College students in the U.S. have the right to protest—but not when Beijing gets its way
This post was originally published on this site
Over the course of the 21st century, it’s a safe bet that the most impactful relationship between any two countries will be that of the U.S. and China. To describe that relationship as ”complicated” is an understatement so vast, one might just be able to see it from space. The complexity goes beyond geopolitics, the contrast between democracy and autocracy, and economic competition.

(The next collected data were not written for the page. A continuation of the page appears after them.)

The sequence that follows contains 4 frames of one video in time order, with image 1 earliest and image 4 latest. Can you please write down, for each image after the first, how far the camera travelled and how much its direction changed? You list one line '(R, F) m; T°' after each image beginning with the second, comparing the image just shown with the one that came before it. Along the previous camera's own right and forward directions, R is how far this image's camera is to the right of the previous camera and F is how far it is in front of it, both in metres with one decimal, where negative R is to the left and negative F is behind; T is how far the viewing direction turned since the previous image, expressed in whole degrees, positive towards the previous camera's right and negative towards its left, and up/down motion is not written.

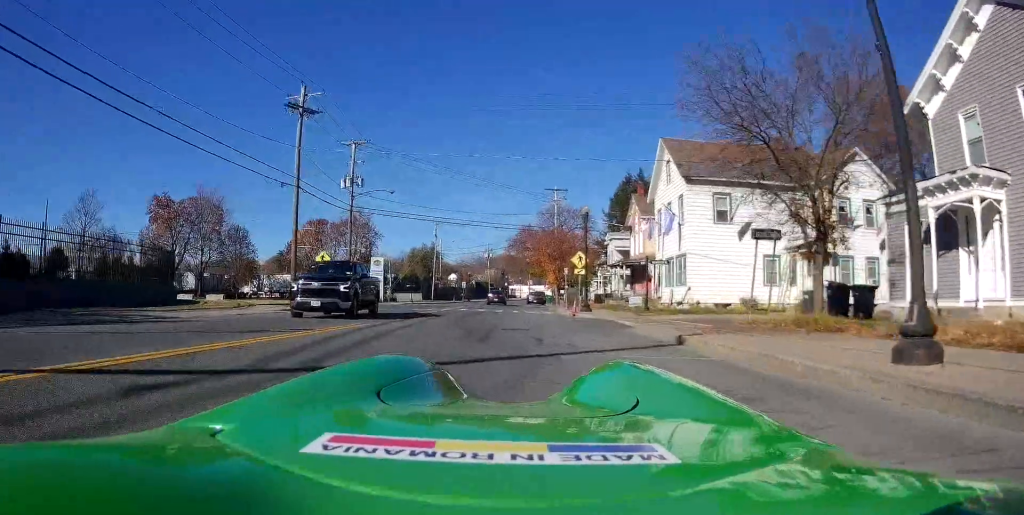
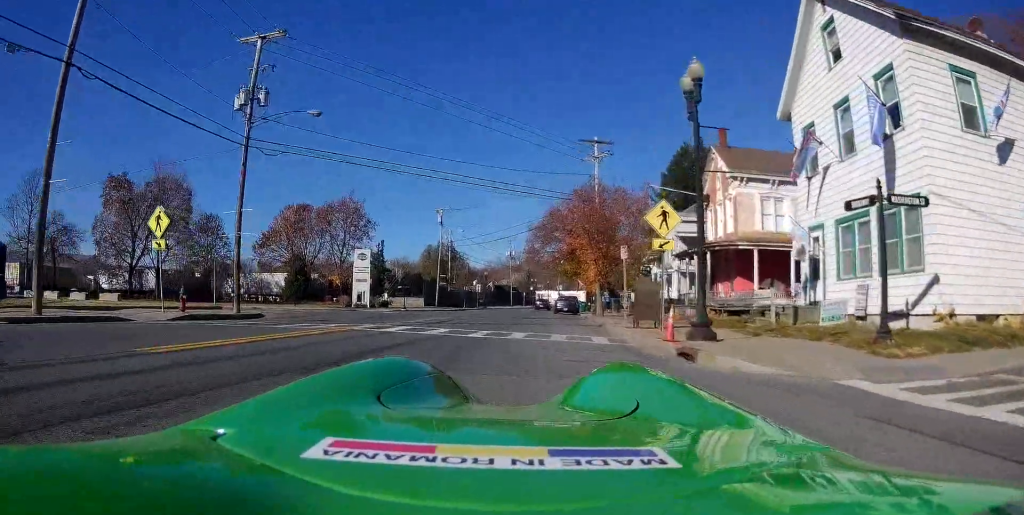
(-1.1, +18.7) m; -5°
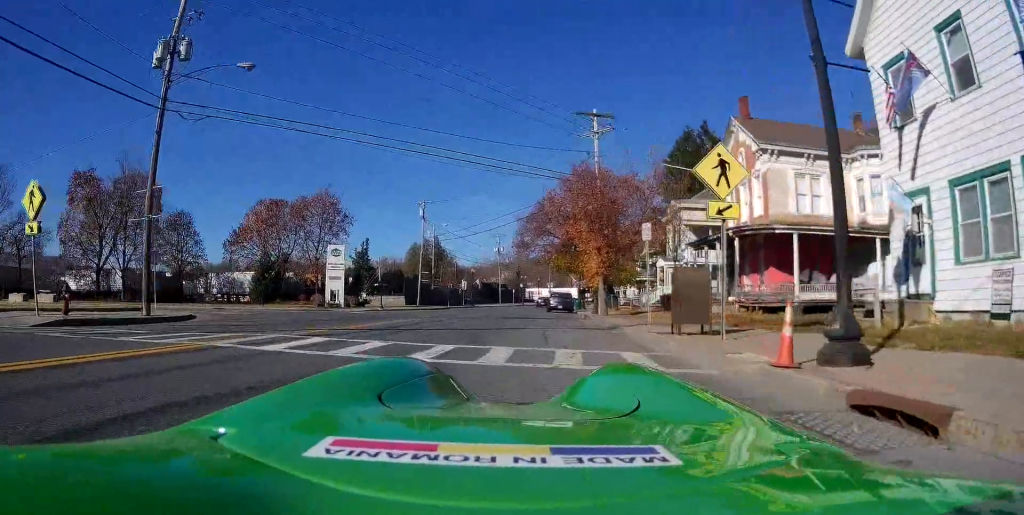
(-0.1, +5.6) m; 0°
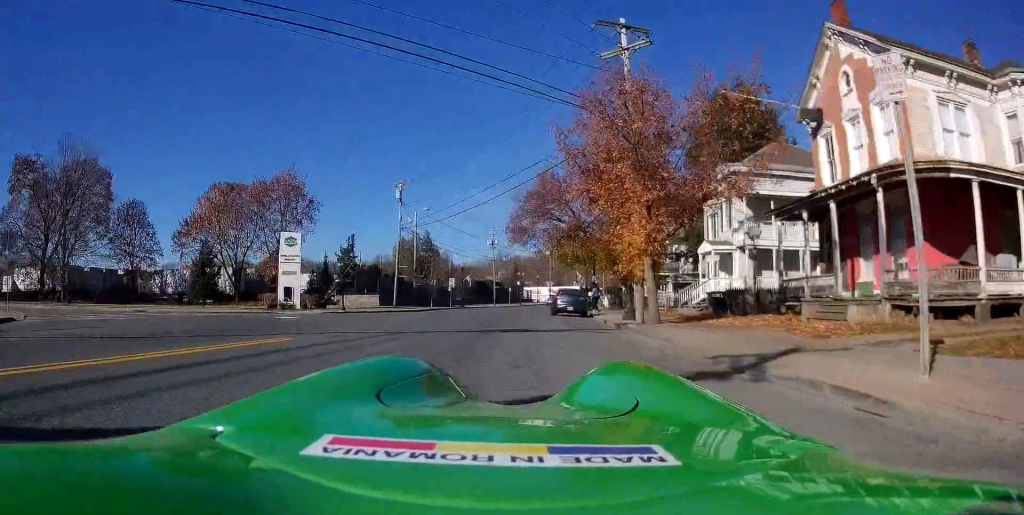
(+0.4, +11.7) m; +2°

A recent incident at George Washington University (GWU) is just one example of how complex the relationship between the countries is. Combining freedom of speech issues; a desire to avoid inflaming the rampant, increased hate and violence Asian Americans have faced since the outbreak of COVID-19; protests against state-sponsored oppression; and the Chinese government’s efforts to influence discourse on American college campuses, this incident is unfortunately far from an isolated one, and it’s deeply indicative of a larger problem.
On or just before Feb. 3, posters went up in buildings on the GWU campus that used Olympic themes to criticize a number of Chinese government policies: the horrific treatment of Uyghurs, the occupation and control of Tibet, Beijing’s handling of COVID-19, the mass surveillance of those living in China, and the suppression of democracy in Hong Kong. The posters utilized designs made by a Chinese dissident activist named Badiucao.
It’s worth clicking through to see them all.
The anonymous-ish artist’s personal journey is a remarkable one. According to a 2019 interview with AFP, Badiucao, thought to be in his mid-30s, was living in Shanghai and attending law school when he and some buddies downloaded a “Taiwanese drama” and settled in for some entertainment. But the file included 1995’s The Gate of Heavenly Peace, the Peabody Award-winning documentary that explores in depth the 1989 Tiananmen Square protests, as well as the Chinese government’s massacre of protesters.
These events were completely unknown to Badiucao—barely out of diapers in 1989—and his friends, all of whom had lived and studied in China their entire lives. In a state-sanctioned scrubbing of history that would make today’s GOP proud, not one educator—or anyone, actually—had ever mentioned Tiananmen Square to any of them.
Badiucao described the experience of watching the film as follows: “It was three hours, everybody just sat there and the room was completely dark, nobody even got up to turn on a light.” He left for Australia shortly thereafter, where he’s lived since 2009, producing political cartoons and becoming one of the foremost activists protesting the Chinese communist regime.
Back on the GWU campus, Badiucao’s cartoons provoked an immediate response. The Chinese Students and Scholars Association (CSSA) was one of the first groups to condemn the posters. Many U.S. colleges are home to chapters of the CSSA, an organization brought into being by the Chinese Communist Party (CCP) during the 1970s. According to the U.S. State Department, the CSSA serves to “monitor Chinese students and mobilize them against views that dissent.”
Those opposed to the posters contacted the GWU president and called for their removal, arguing they were racist, discriminatory, and sparked anti-Asian sentiment at a time when members of the Asian diaspora in the U.S. are facing rising levels of hate. Another student group, the GWU Chinese Cultural Association, declared that Badiucao’s posters “pose a potential risk to the personal safety of all [GWU] Chinese and Asian students, including verbal and physical violence.”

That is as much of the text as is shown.